Escucho el chasquido de las fichas de dominó mientras el sol se esconde en el horizonte. Las cervezas están colocadas sobre la mesa raquítica. Trato de posicionarme para tomar la fotografía de los cuatro hombres que están inmersos en el partido. Intento capturar un pasatiempo caribeño mientras la presentadora de televisión habla desde la pantalla del televisor.

Por años, me ha tocado visitar los pueblos de la Isla para cubrir escenas criminales, entrevistar a políticos y hablar con ciudadanos sobre sus problemas cotidianos.  Pero esta vez decidí tomar un respiro, de la misma manera que alguien se podría sentar en un balcón para contemplar el horizonte, para intentar capturar una historia común y corriente, pero que contiene un ingrediente potente.

Como muchos otros pueblos en Puerto Rico, que parecen congelados en el tiempo, mi óptica del casco del pueblo de Cataño no ha variado mucho durante los pasados años. A lo lejos se puede ver El Morro.

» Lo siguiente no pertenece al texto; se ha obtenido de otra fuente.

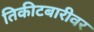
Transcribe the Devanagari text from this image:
तिकीटबारीवर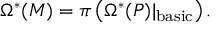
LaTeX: \Omega ^ { * } ( M ) = \pi \left( \Omega ^ { * } ( P ) \vert _ { \mathrm { b a s i c } } \right) .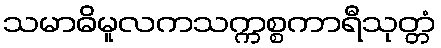
သမာဓိမူလကသက္ကစ္စကာရီသုတ္တံ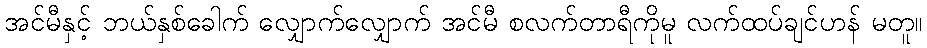
အင်မီနှင့် ဘယ်နှစ်ခေါက် လျှောက်လျှောက် အင်မီ စလက်တာရီကိုမူ လက်ထပ်ချင်ဟန် မတူ။
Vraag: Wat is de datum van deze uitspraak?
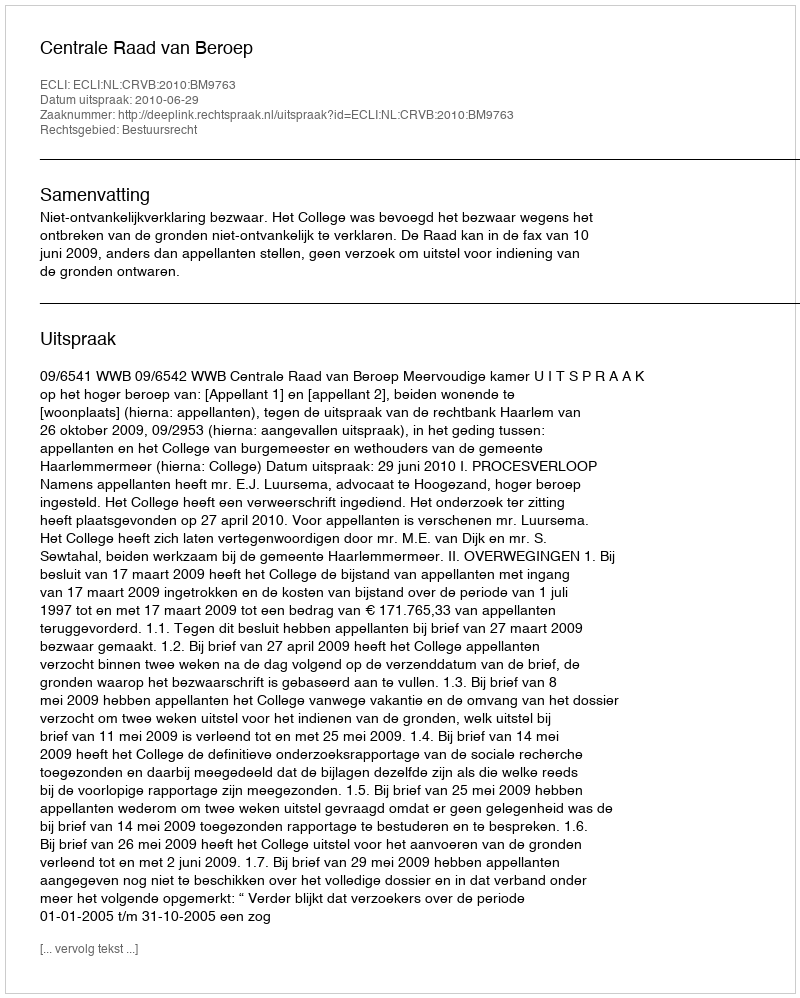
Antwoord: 2010-06-29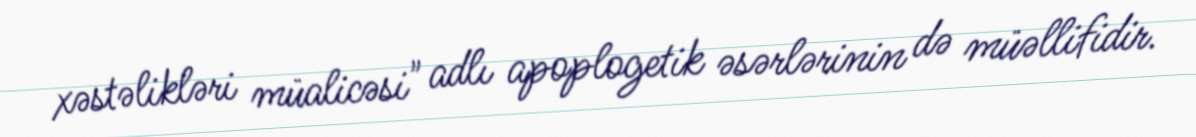
xəstəlikləri müalicəsi" adlı apoplogetik əsərlərinin də müəllifidir.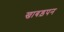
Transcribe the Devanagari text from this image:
खाबड़पन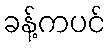
ခန့်ကပင်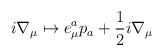
LaTeX: \begin{align*}i\nabla_\mu \mapsto e^a_\mu p_a+\frac{1}{2}i\nabla_\mu\end{align*}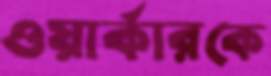
ওয়ার্কারকে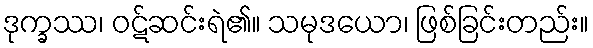
ဒုက္ခဿ၊ ဝဋ်ဆင်းရဲ၏။ သမုဒယော၊ ဖြစ်ခြင်းတည်း။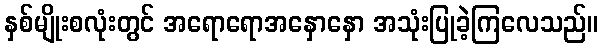
နှစ်မျိုးစလုံးတွင် အရောရောအနှောနှော အသုံးပြုခဲ့ကြလေသည်။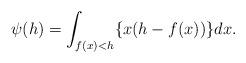
LaTeX: \begin{align*} \begin{aligned} \psi(h)=\int_{f(x)<h}\{x(h-f(x))\}dx. \end{aligned} \end{align*}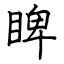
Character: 睥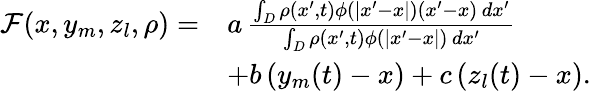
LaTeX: \begin{array}{rl}{\mathcal F(x,y_{m},z_{l},\rho)=}&{a\, \frac{\int_{D}\rho(x^{\prime},t)\phi(|x^{\prime}-x|)(x^{\prime}-x)\, dx^{\prime}}{\int_{D}\rho(x^{\prime},t)\phi(|x^{\prime}-x|)\, dx^{\prime}}}\\ &{+b\, (y_{m}(t)-x)+c\, (z_{l}(t)-x).}\end{array}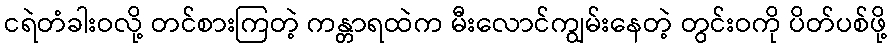
ငရဲတံခါးဝလို့ တင်စားကြတဲ့ ကန္တာရထဲက မီးလောင်ကျွမ်းနေတဲ့ တွင်းဝကို ပိတ်ပစ်ဖို့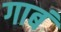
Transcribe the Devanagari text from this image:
गाबं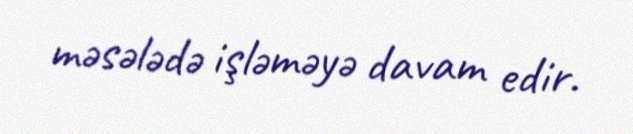
məsələdə işləməyə davam edir.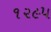
૧૨૯૫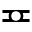
\eqcirc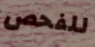
للفحص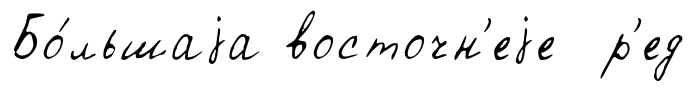
Бо́льшаjа восточн'еjе р'ед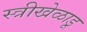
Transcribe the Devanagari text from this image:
स्त्रीखेळाडू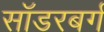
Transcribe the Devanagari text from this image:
सॉडरबर्ग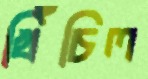
খিঁচিল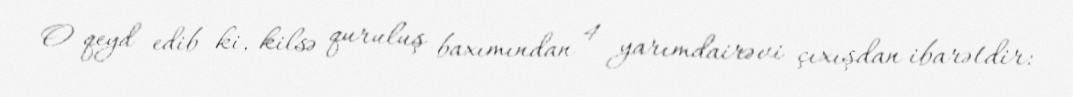
O qeyd edib ki, kilsə quruluş baxımından 4 yarımdairəvi çıxışdan ibarətdir:

Desde la carretera se puede observar el interior de los negocios por las brillosas bombillas sobre los pastelillos.  Pero una vez camino por la plaza, escucho las risas y las bromas, escucho ciudadanos que se están divirtiendo con las cosas más simples, una Budweiser, el avistamiento de una amistad, la brisa playera que sumerge a todos en una capa de salitre.

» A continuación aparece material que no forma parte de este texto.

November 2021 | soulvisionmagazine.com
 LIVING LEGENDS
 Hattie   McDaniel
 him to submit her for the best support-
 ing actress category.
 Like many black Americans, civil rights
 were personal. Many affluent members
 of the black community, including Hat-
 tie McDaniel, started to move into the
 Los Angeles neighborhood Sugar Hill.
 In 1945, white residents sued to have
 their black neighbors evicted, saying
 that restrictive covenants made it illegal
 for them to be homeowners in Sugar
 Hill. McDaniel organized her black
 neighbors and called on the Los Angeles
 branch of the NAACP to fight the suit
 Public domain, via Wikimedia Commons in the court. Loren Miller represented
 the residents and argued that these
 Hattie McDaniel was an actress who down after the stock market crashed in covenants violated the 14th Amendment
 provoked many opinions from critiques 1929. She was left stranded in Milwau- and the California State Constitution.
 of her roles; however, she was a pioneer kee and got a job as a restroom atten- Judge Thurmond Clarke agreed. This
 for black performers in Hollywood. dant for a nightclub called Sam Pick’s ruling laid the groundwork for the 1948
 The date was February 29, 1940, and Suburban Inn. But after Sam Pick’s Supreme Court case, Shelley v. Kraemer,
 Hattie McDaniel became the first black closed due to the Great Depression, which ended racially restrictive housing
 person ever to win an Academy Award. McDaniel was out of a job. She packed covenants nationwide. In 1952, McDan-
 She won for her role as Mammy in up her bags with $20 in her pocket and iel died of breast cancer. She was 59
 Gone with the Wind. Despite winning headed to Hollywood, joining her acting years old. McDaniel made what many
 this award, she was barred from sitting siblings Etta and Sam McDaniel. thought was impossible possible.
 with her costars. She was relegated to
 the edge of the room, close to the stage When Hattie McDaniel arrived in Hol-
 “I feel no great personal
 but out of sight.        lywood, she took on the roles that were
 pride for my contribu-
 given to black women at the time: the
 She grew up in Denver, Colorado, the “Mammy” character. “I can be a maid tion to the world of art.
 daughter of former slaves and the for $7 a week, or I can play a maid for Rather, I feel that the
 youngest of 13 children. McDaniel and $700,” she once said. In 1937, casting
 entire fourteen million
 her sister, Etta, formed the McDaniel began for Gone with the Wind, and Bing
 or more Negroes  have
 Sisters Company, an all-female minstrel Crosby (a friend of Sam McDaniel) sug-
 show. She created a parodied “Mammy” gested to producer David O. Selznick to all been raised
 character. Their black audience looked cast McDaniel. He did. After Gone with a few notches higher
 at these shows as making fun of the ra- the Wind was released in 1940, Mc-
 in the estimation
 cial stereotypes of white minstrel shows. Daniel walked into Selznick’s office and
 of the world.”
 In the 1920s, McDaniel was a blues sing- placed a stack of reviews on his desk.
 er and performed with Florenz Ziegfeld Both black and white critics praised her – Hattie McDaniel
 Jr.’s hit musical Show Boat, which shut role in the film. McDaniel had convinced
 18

Allí, jugando a las cartas, conozco a Eugenio Rivera Olivera, de 68 años de edad, un ex supervisor de la división de mantenimiento de Goya. “¿Qué ama de Cataño?”, le pregunto. “La gente”. Entra en más detalles, pero al final su conversación se reduce a lo mismo. El pueblo no sería lo mismo sin sus ciudadanos, sin su calor y alegría, aun cuando el progreso en el municipio no se traduce a obras que podrían desafiar el tiempo.

Conozco a otros señores retirados, como Rafael Chévere Báez, de 73, Furgencio Sigfredo Rivera, de 75, y Pablo Rivera, de 83, que tampoco han visto cambios dramáticos en Cataño, pero que frecuentan el casco del pueblo por algún sentido de afinidad. Secunda sus expresiones Felipe González Rojo mientras muestra los billetes de la Lotería Tradicional. Desde un radio portátil se transmite una canción romántica y me siento transportado a otra época. Quizás los 70 o 80. No sé, pero no puedo creer que es el 2013.

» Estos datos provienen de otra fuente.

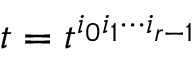
t = t ^ { i _ { 0 } i _ { 1 } \cdots i _ { r - 1 } }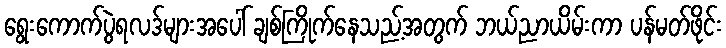
ရွေးကောက်ပွဲရလဒ်များအပေါ် ချစ်ကြိုက်နေသည့်အတွက် ဘယ်ညာယိမ်းကာ ပန်မတ်ဖိုင်း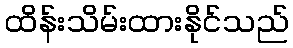
ထိန်းသိမ်းထားနိုင်သည်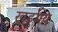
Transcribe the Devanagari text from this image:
खड्डमय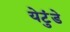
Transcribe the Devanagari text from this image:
येटुंडे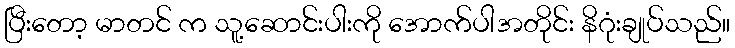
ပြီးတော့ မာတင် က သူ့ဆောင်းပါးကို အောက်ပါအတိုင်း နိဂုံးချုပ်သည်။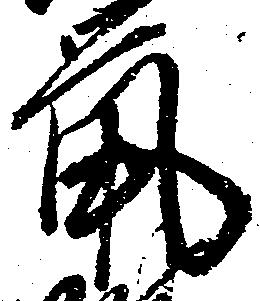
鼠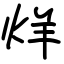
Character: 烊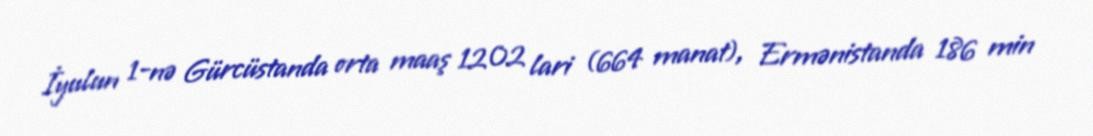
İyulun 1-nə Gürcüstanda orta maaş 1202 lari (664 manat), Ermənistanda 186 min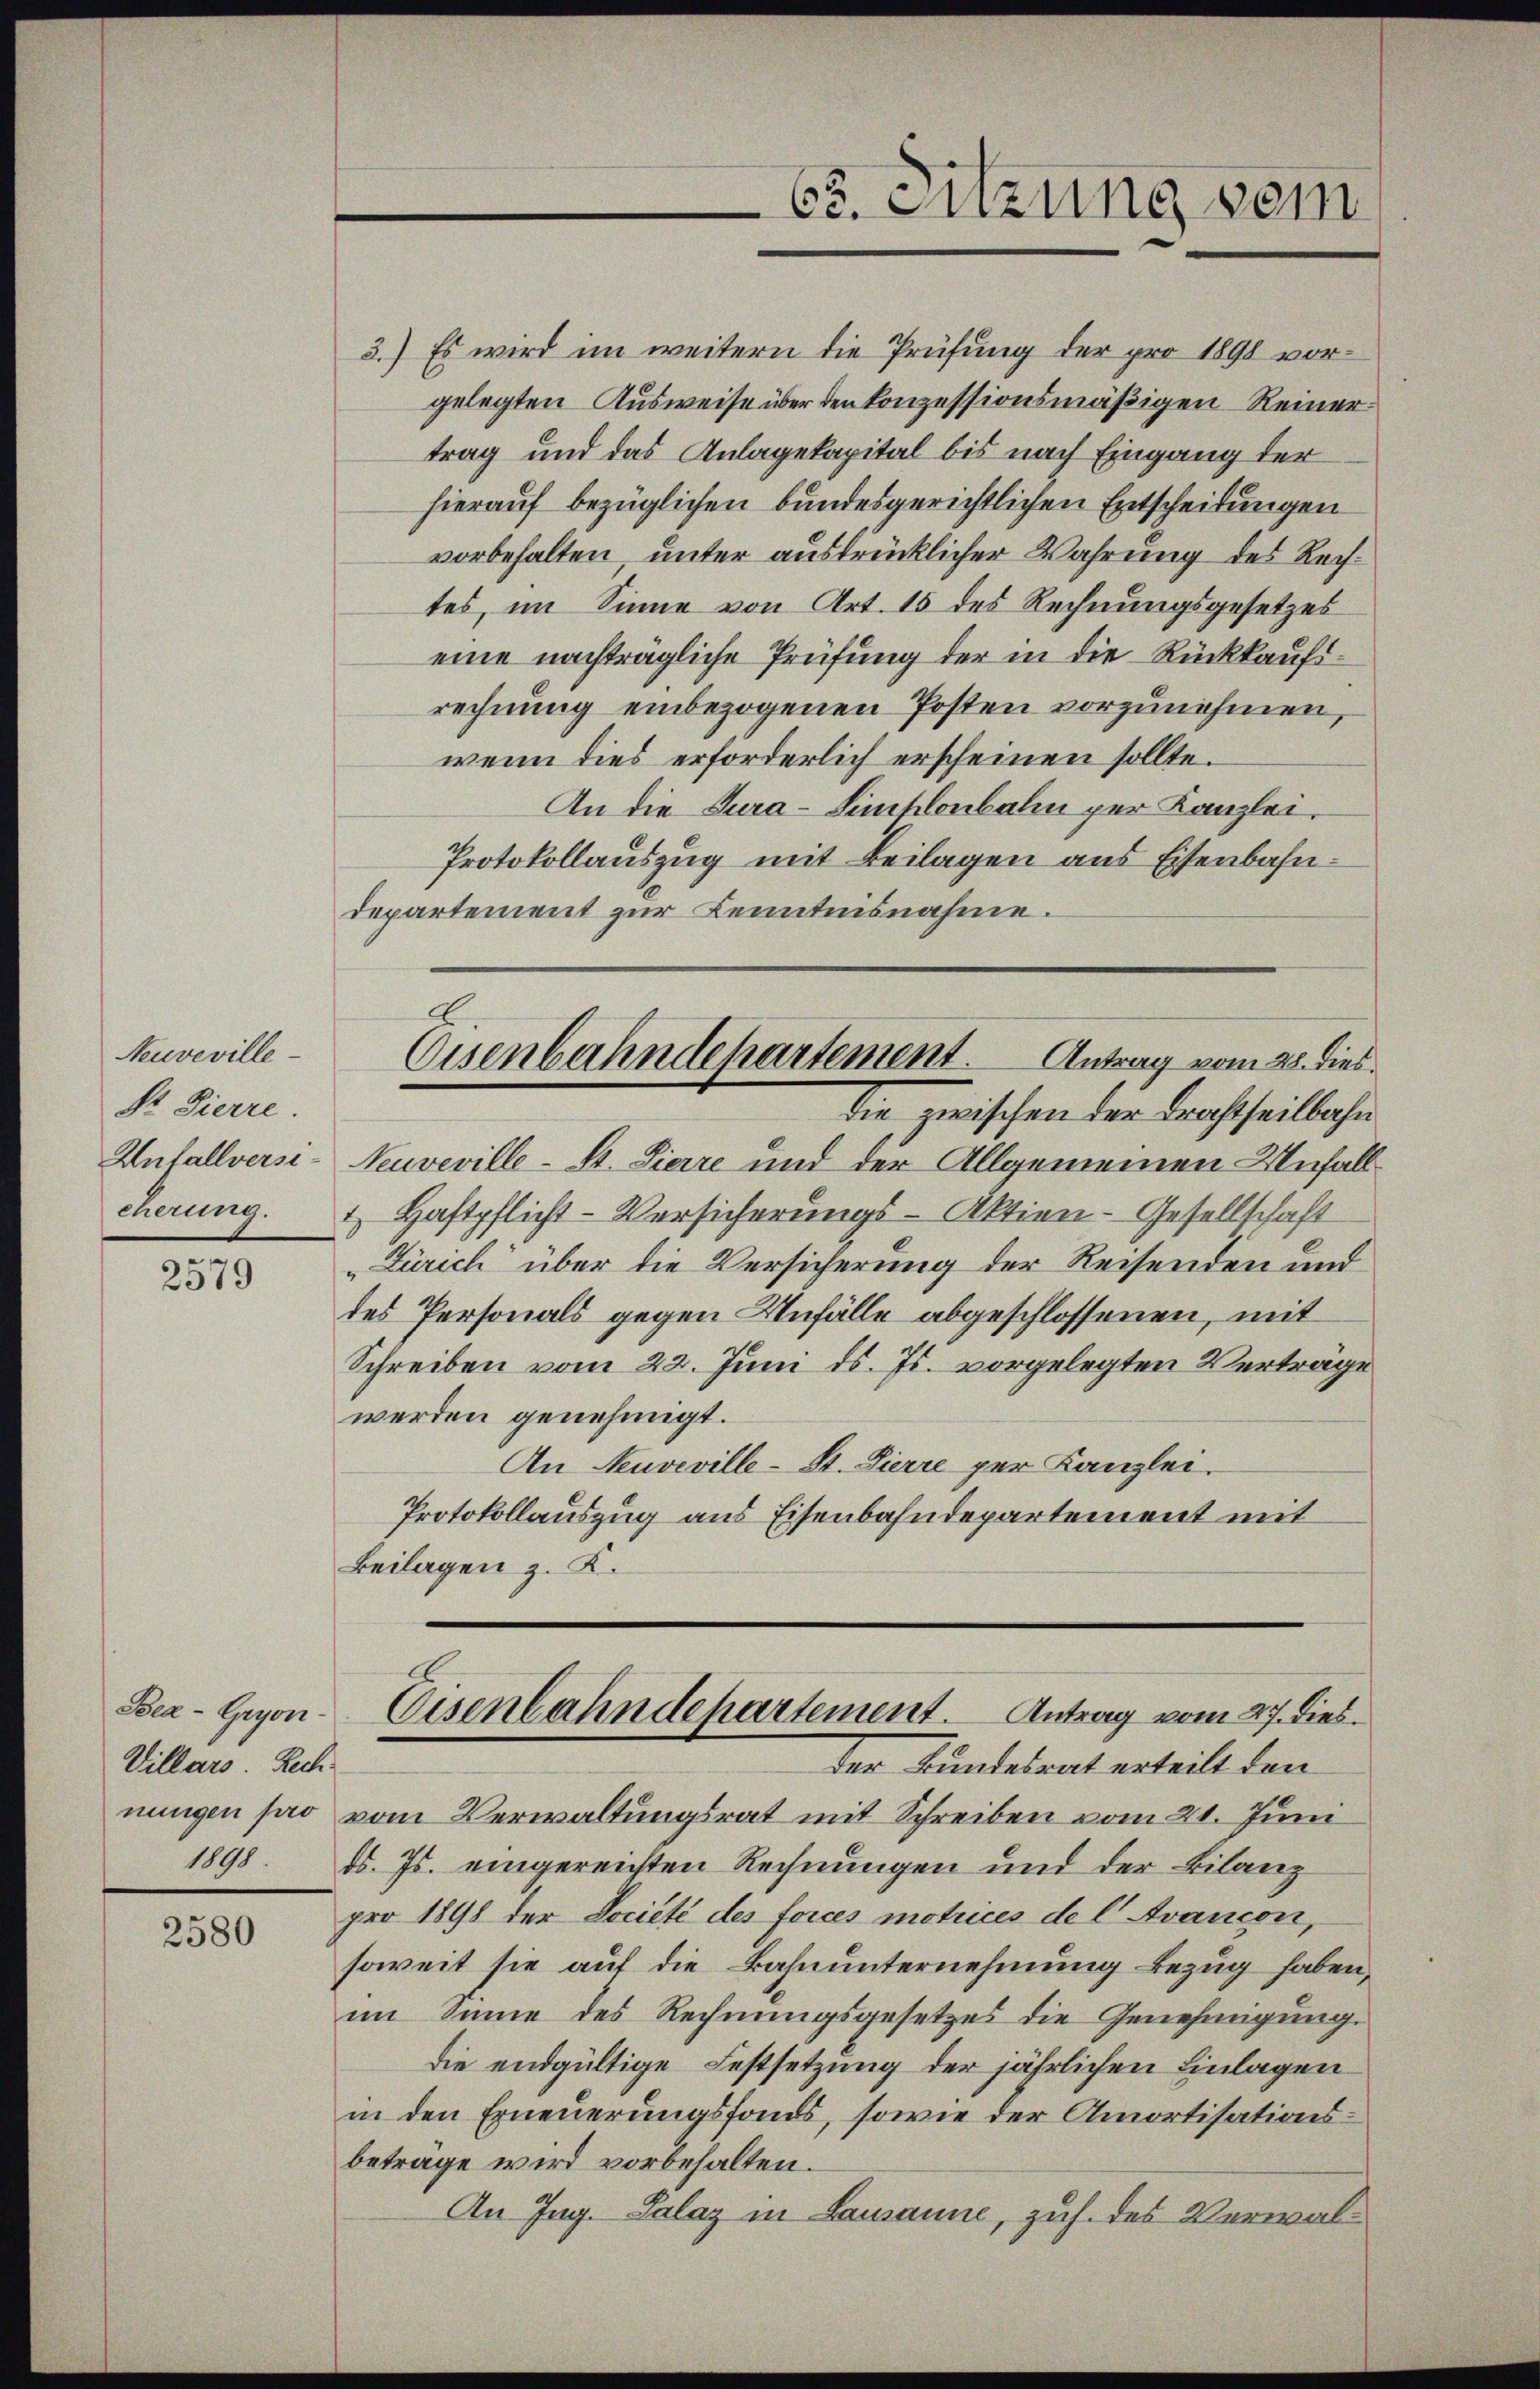
Neuveville
Sr. Dierre.
Unfallversi¬

2579

Villars. Rech
1890

2580

3.) Es wird im weitern die Prüfung der pro 1890 vorgelegten Ausweise über den konzessionsmäßigen Reinertrag und das Anlagekapital bis nach Eingang der
hierauf bezüglichen bundesgerichtlichen Entscheidungen
vorbehalten, unter ausdrücklicher Wahrung des Rechtes, im Sinne von Art. 15 des Rechnungsgesetzes
eine nachträgliche Prüfung der in die Rückkaufirechnung einbezogenen Posten vorzunehmen,
wenn dies erforderlich erscheinen sollte.
An die Gura-Sincklenbahn per Kanzlei.
Protokollauszug mit Beilagen aus Eisenbahndepartement zur Kenntnisnahme.
Eisenbahndehartement. Antrag vom 28. dies
die, zwischen der Trachtheilbahn
Neuveville-St. Pierre und der Allgemeinen Unfällcherung. I. Haftpflicht-Versicherungs-Aktien-Gesellschaft
„Zürich über die Versicherung der Reisenden und
des Personals gegen Unfälle abgeschlossenen, mit
Schreiben vom 22. Juni d. Js. vorgelegten Verträge
werden genehmigt.
An Neuveville-St. Pierre per Kanzlei.
Protokollauszug aus Eisenbahndepartement mit
Beilagen z. K.

der Bundesrat erteilt den
nungen pro vom Verwaltungsrat mit Schreiben vom 21. Juni
d. Js. eingereichten Rechnungen und der Bilanz
pro 1898 der Dociété des forces matrices de l. Avancon,
soweit sie auf die Bahnunternehmung Bezug haben,
im Sinne des Rechnungsgesetzes die Genehmigung.
die endgültige Festsetzung der jährlichen Einlagen
in den Erneuerungsfonds, sowie der Amortisationsbeträge wird vorbehalten.
An Ing. Palaz in Lausanne, zus. des Verwal¬

C. Sitzung vom

Bea-Geon-Eisenbahndepartement. Antrag vom 27. dies

Ahora escucho el ruido de las fichas, lo escucho más fuerte, y  proviene del establecimiento Los Canos. Pedro González Martínez, de 70 años, es el codueño del negocio. Me permite tomar fotos y vídeo de la partida. Las carcajadas se mezclan con el olor de cerveza y de los pastelillos. Y vuelvo hacer la misma pregunta para recibir la misma contestación. “La gente”.

En otro recoveco me paro para observar el océano y encuentro piedras que han sido pitadas con dibujos de peces y tiburones. Parecen dibujos de crayola, pero las imágenes aguantan el embate de las olas. Allí encuentro a Luz Ocasio, de 43. Con sus utensilios caseros abre caparazones y separa las piernas de las cocolías. Luego de conversar un rato, me invita a volver a Cataño. Siento la sal en las comisuras de mis labios y mi rostro. El caribe asume una presencia omnipresente.

Y sé que hay algo muy especial de la gente de Cataño.